Performing a root cause analysis
This is part 3 in my Data Reliability series. You can read the rest of the series on my website.
On Monday we described our data reliability problem. Yesterday we made that visible and collected some data about it. Today we’re going to understand exactly what is causing this problem.
To do that, we are going to perform a root cause analysis.
A root cause analysis is a process for identifying the fundamental cause(s) of a problem. It is used in many industries for many different types of problems, and is equally useful in helping us identify the cause(s) of our data reliability problem.
There are a few techniques we can use for a root cause analysis, including the 5 whys, and the one I’m going to use is called a fishbone diagram.
The way it works is:
- You put the problem statement at the head of the fish
- From the backbone you add a bone for each major category of causes
- For each category, brainstorm potential causes that could contribute to the problem, and add them as bones from the category line
For example, you’ll likely find that one of your most common root causes for data incidents is an upstream breaking schema change, where some data you relied on had it’s schema changed in an incompatible way (for example, removing a field you depended on) that broke your data application.
If we use a fishbone diagram to do a root cause analysis on that we will get something that looks like this:
(If you want the fish-like version, click here.)

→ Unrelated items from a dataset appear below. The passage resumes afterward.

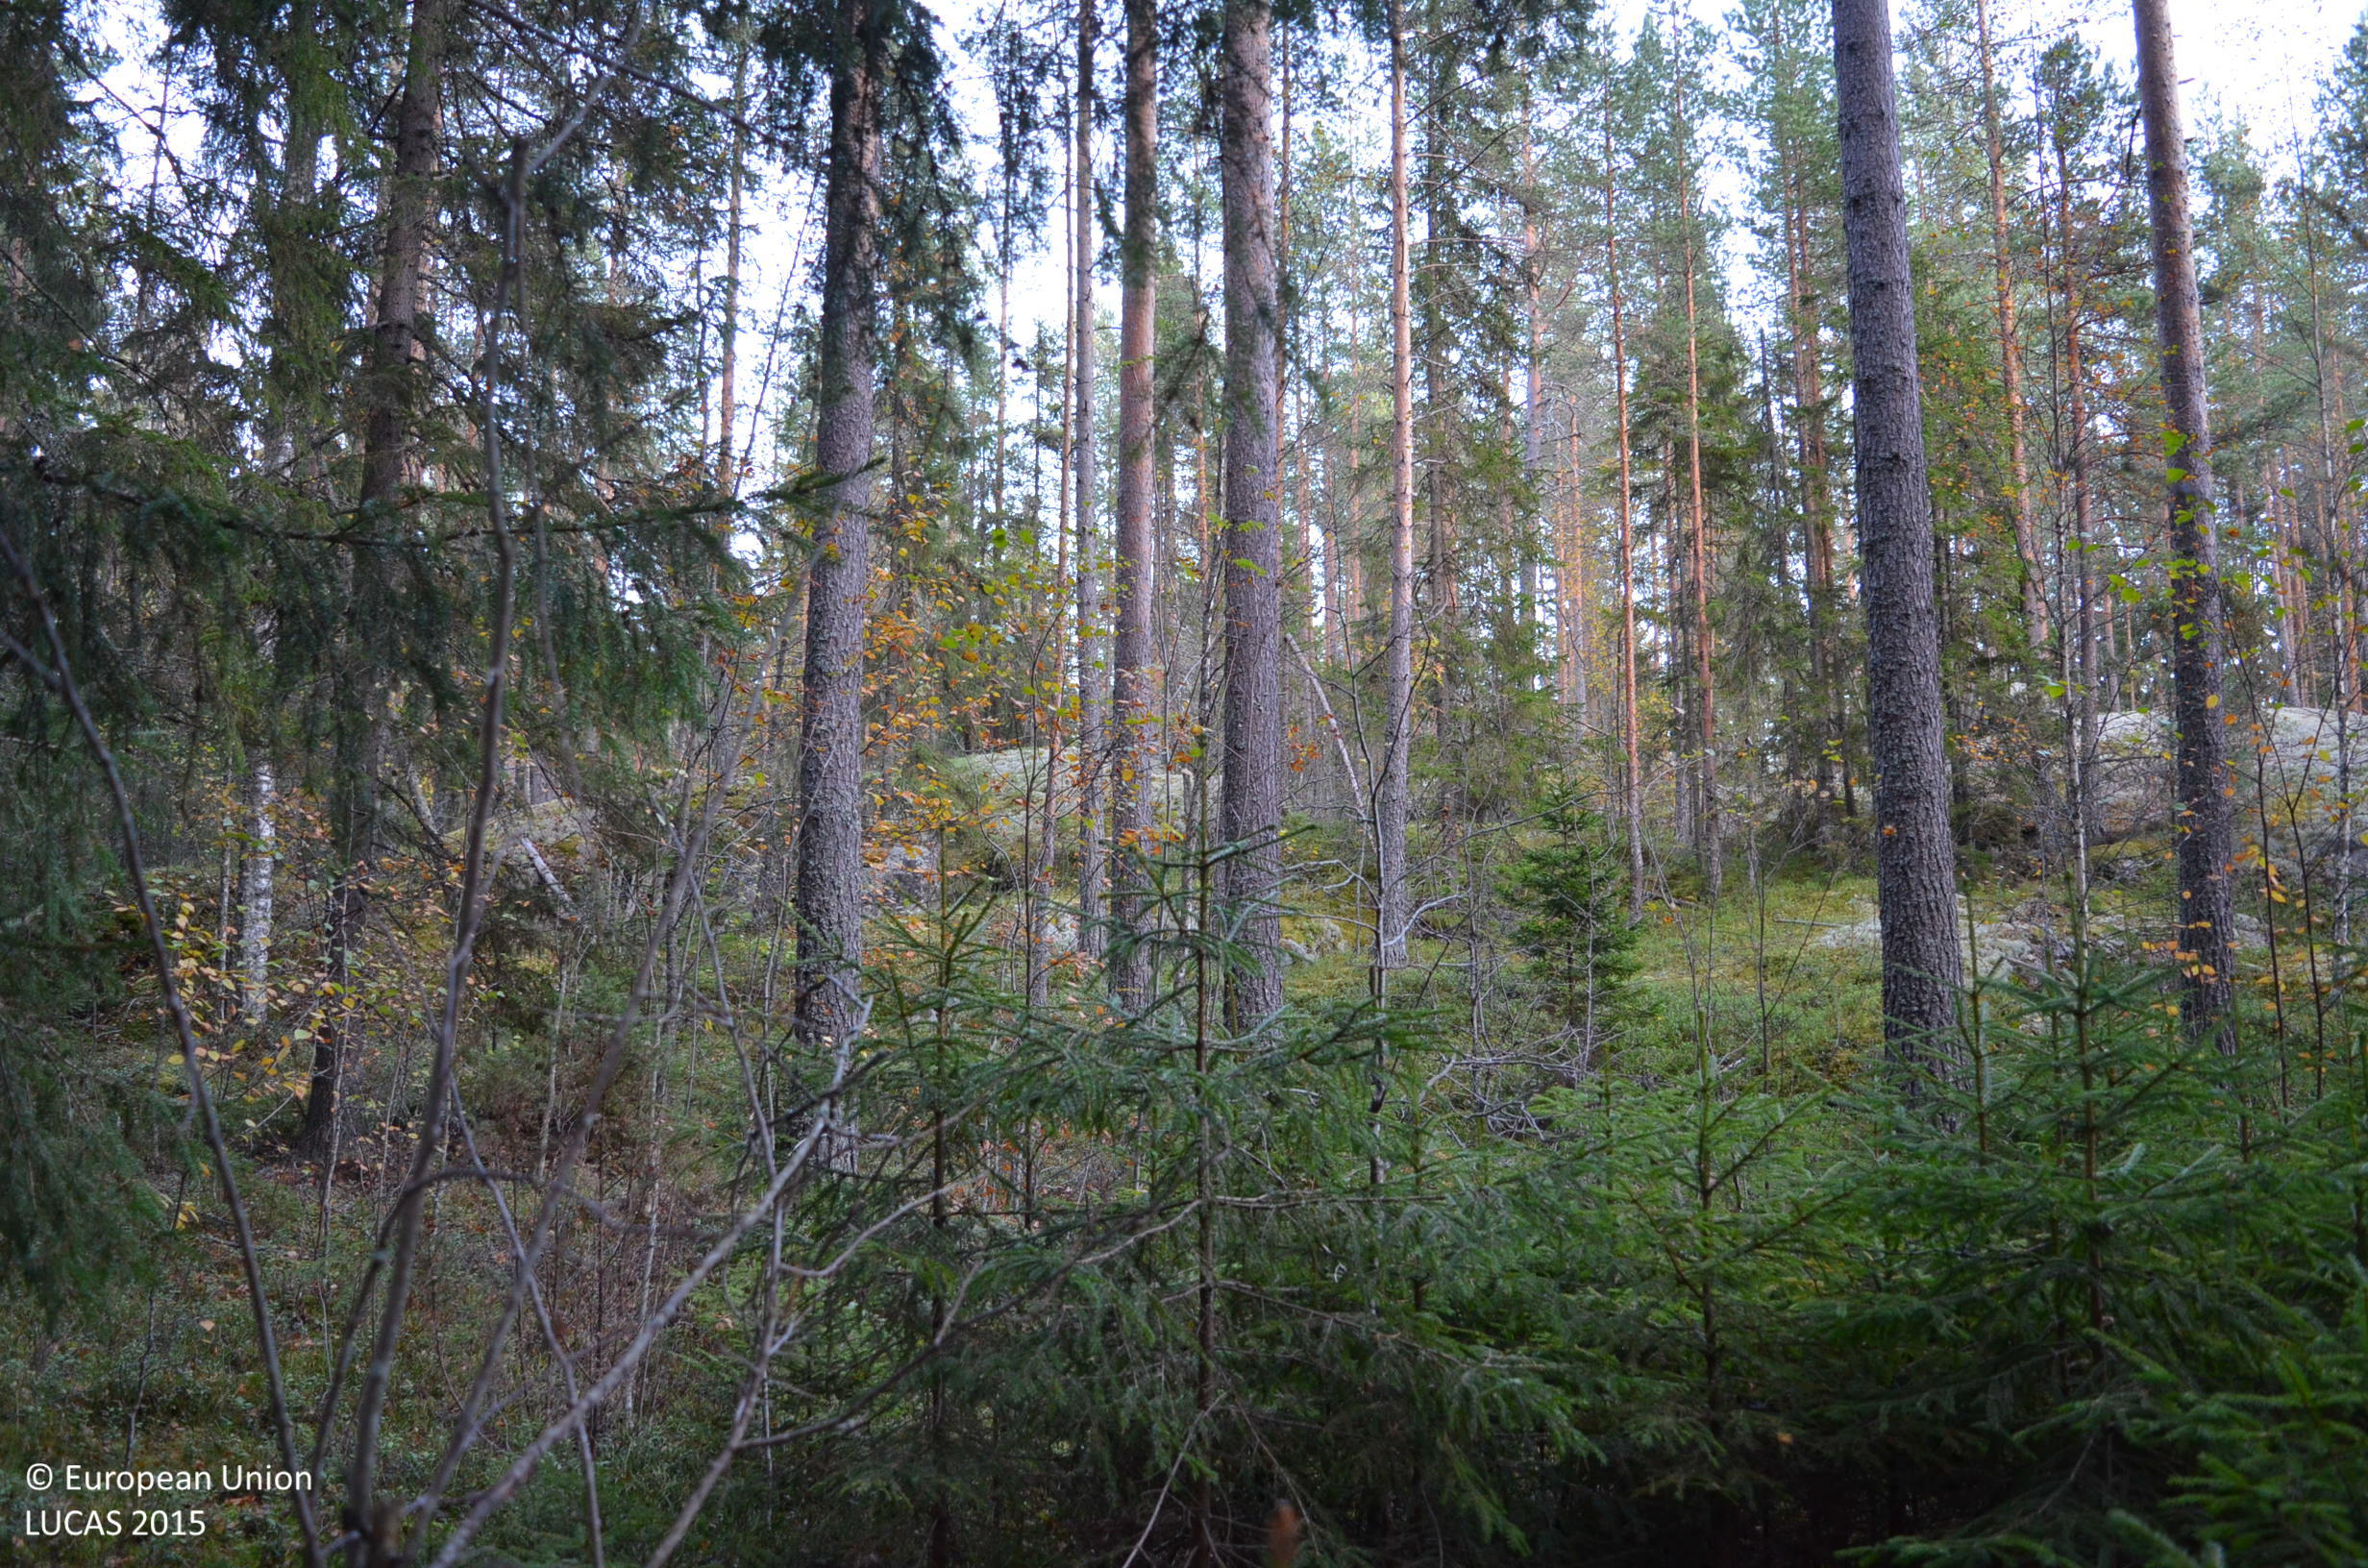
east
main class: Woodland
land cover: Spruce dominated coniferous woodland
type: boreal forest
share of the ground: > 75 %
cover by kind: coniferous forest trees 60 %, shrubs 20 %, broadleaved forest trees 15 %, lichens and mosses 5 %
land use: Forestry
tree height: > 5 m
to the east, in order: Spruce dominated coniferous woodland; Other mixed woodland; Pine dominated coniferous woodland; Other coniferous woodland; Other mixed woodland
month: October
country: FI
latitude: 61.7442
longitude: 23.8882

Don’t just use mine though!
Perform this analysis yourself, based on the root causes you’ve seen from your data incidents.
Get people outside of your team involved too. The stakeholders, the data consumers, and the data producers. All those people who you’ve been adding to your incident channels.

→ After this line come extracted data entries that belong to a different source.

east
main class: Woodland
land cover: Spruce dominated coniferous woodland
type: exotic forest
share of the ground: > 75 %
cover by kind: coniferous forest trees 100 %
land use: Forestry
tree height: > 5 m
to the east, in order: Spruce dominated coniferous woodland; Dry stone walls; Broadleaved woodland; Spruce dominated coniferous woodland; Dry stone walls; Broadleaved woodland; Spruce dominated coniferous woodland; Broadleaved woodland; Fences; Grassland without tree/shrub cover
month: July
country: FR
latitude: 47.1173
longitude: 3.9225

Not only does that help continue to build those relationships, they will undoubtably have great input, while also learning more about what you see from your point of view.
It’s likely when you’re done you will have something similar to what I have, as while our data is different, our problems are often the same. But the process itself is still important.
With this deep understanding of the problem and it’s root causes, we can now start thinking about solutions. More on that tomorrow.